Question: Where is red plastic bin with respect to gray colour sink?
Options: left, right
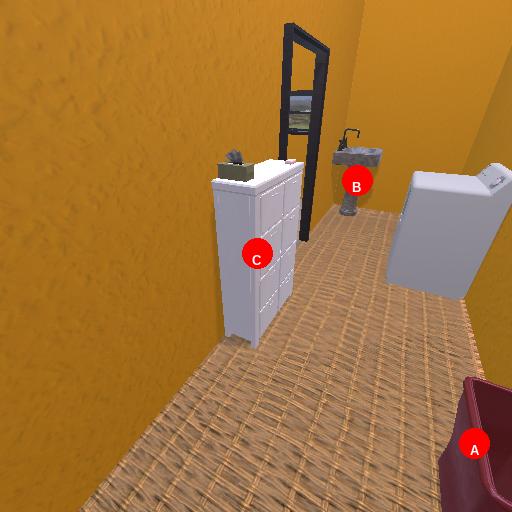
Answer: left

::::::

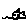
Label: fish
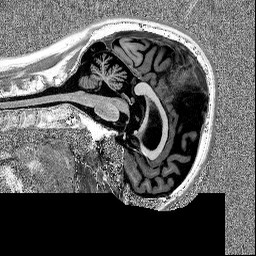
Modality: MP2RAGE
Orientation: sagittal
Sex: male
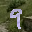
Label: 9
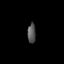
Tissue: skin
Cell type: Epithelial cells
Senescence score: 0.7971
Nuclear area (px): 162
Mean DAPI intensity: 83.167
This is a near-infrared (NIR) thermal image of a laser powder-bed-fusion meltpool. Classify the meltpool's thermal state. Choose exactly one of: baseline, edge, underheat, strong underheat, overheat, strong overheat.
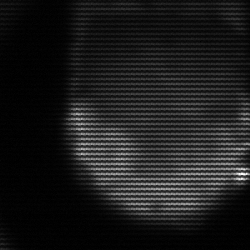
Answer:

::::::

(WORK INSTRUCTION): Reproduce exactly the lines of the data above that run from the line with "Question: Where is" down to the line with "Answer: left", both ends included. Pictures do not belong in the copy.

(REPLY):
Question: Where is red plastic bin with respect to gray colour sink?
Options: left, right
Answer: left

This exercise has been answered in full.